Where the data below contains pictures, omit them; output the rest word for word.

§ Collected data entries
Start of Block

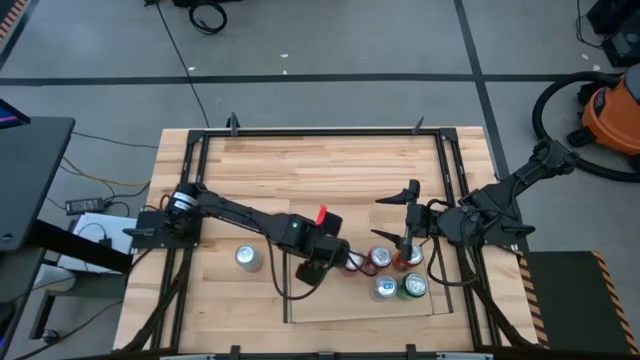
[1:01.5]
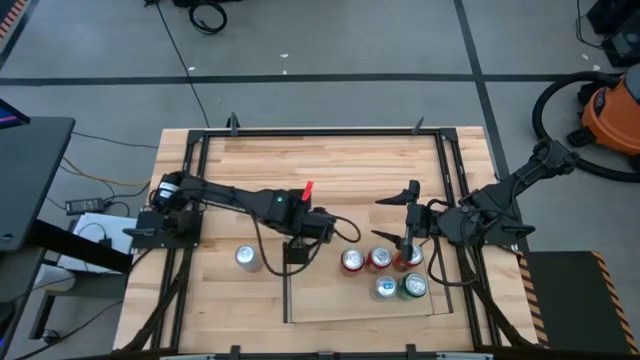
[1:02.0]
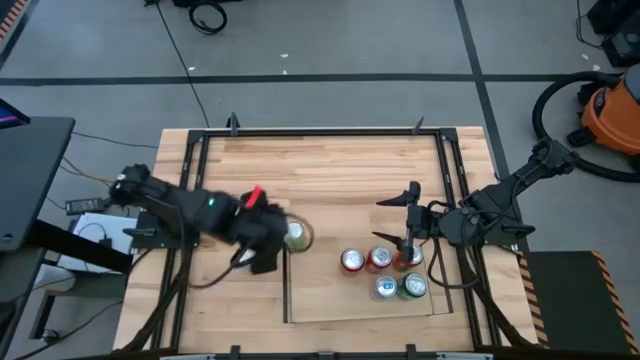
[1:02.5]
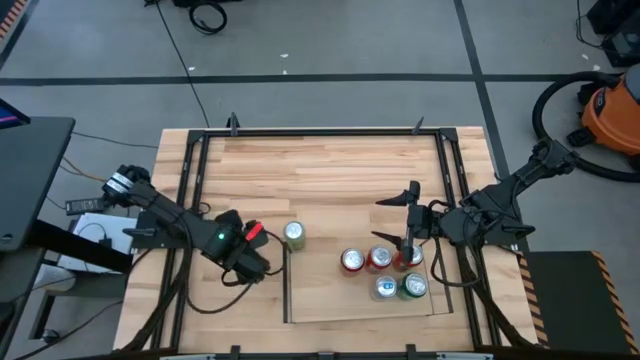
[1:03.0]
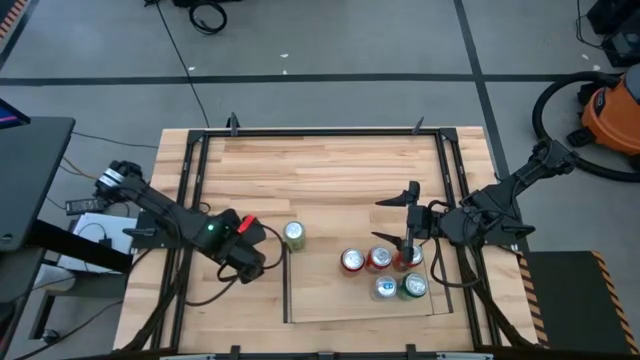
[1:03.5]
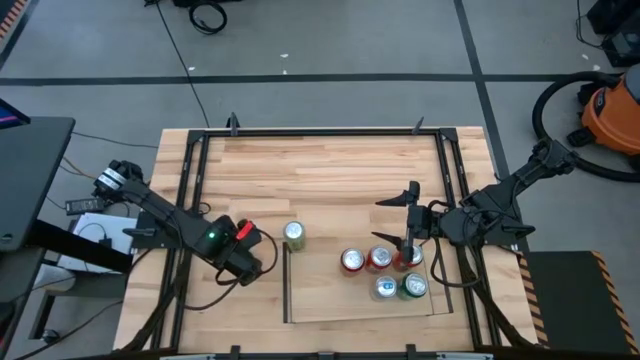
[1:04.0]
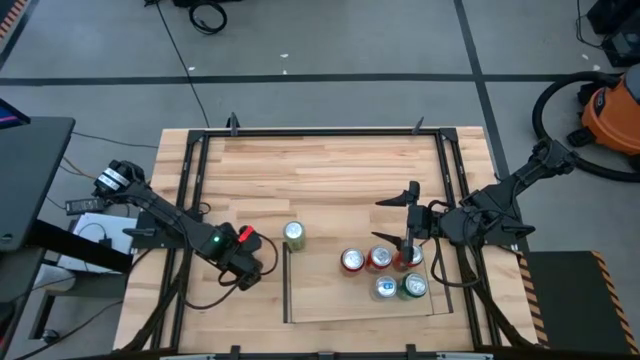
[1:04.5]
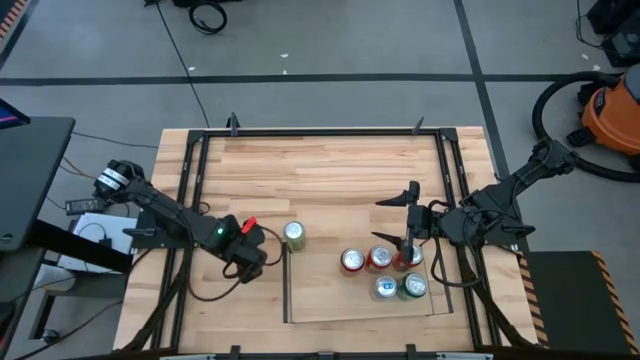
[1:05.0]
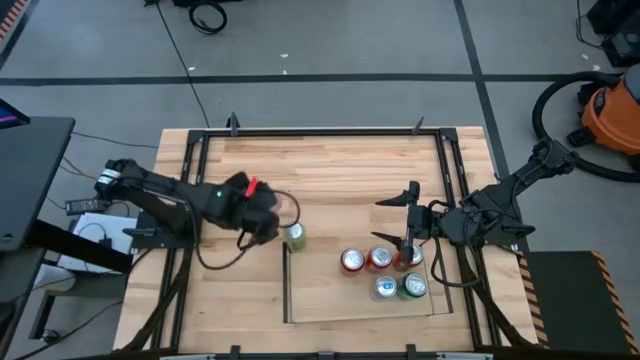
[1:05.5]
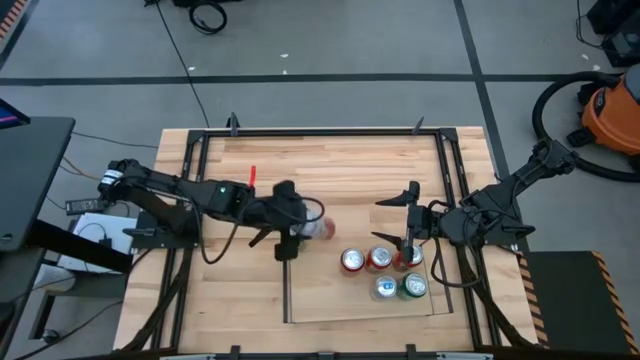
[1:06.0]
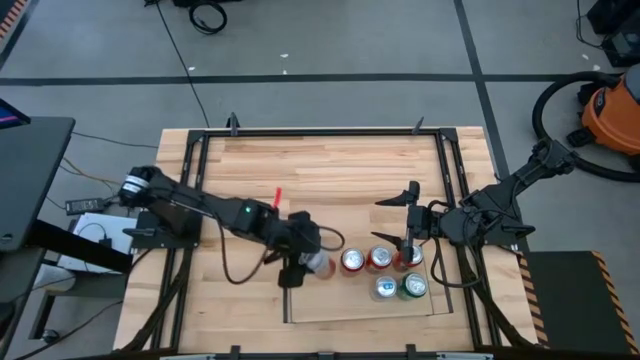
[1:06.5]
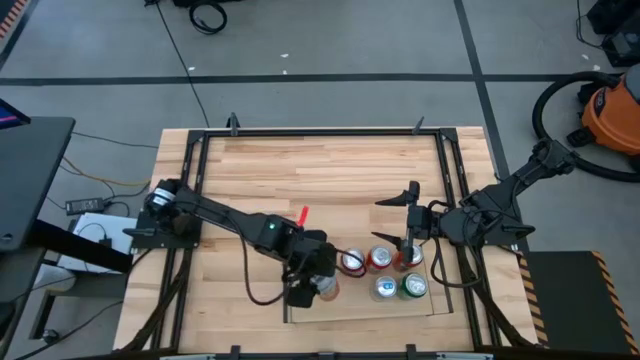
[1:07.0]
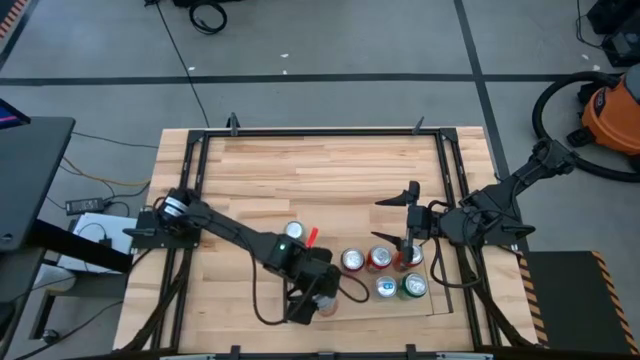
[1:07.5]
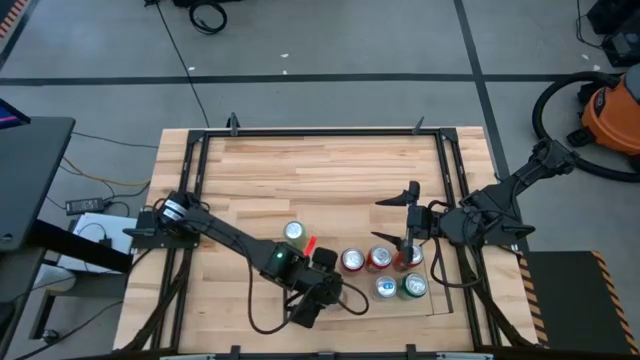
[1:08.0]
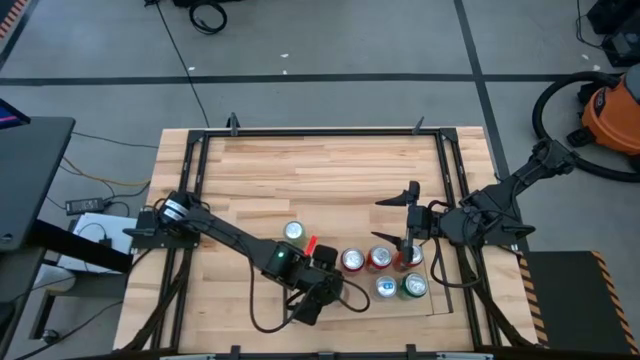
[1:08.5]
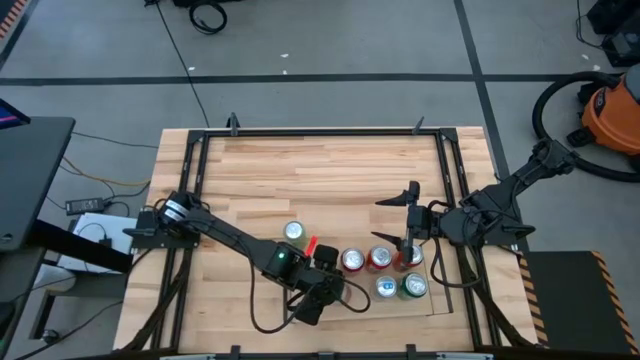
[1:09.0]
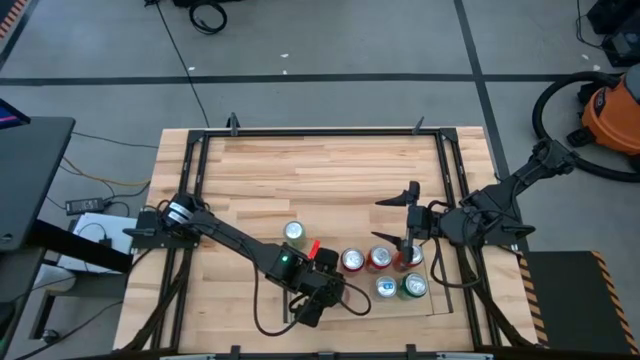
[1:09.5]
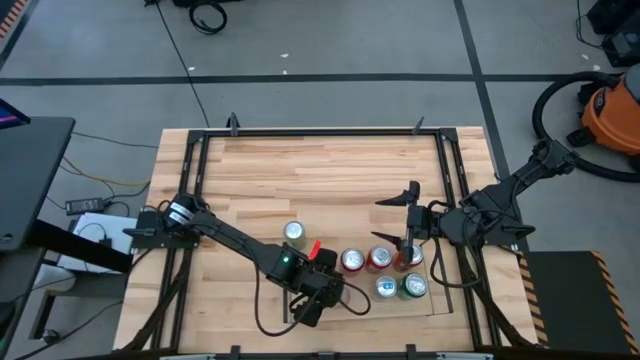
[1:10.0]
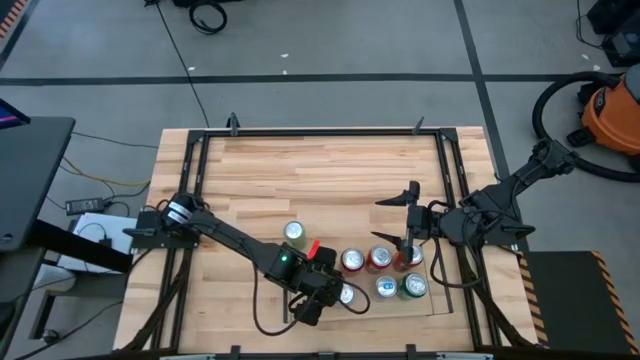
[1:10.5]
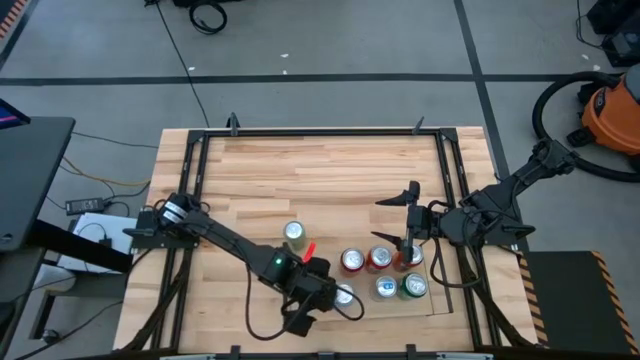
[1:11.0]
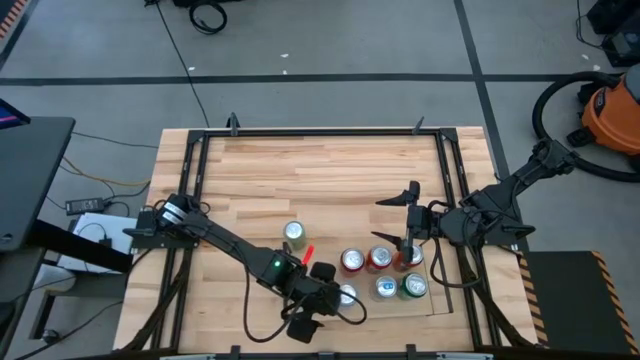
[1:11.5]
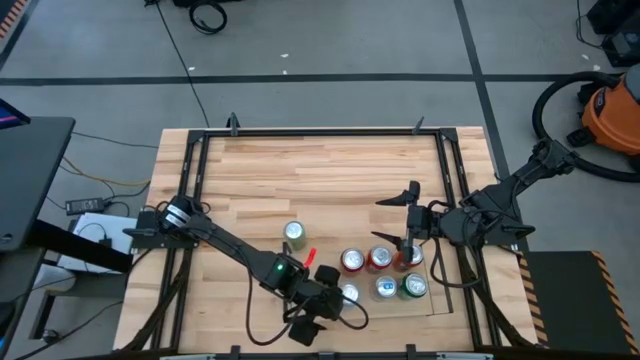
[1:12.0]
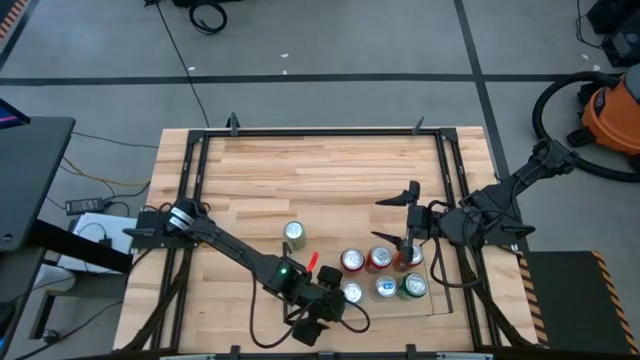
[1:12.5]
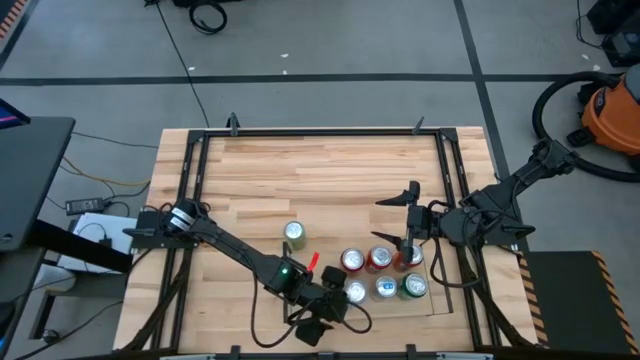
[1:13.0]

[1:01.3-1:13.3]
Task: Place canned beverage on shelf
Put the orange-white soda can on the shelf

End of Block

§ Answer to this task
[1:01.5]
[1:02.0]
[1:02.5]
[1:03.0]
[1:03.5]
[1:04.0]
[1:04.5]
[1:05.0]
[1:05.5]
[1:06.0]
[1:06.5]
[1:07.0]
[1:07.5]
[1:08.0]
[1:08.5]
[1:09.0]
[1:09.5]
[1:10.0]
[1:10.5]
[1:11.0]
[1:11.5]
[1:12.0]
[1:12.5]
[1:13.0]

[1:01.3-1:13.3]
Task: Place canned beverage on shelf
Put the orange-white soda can on the shelf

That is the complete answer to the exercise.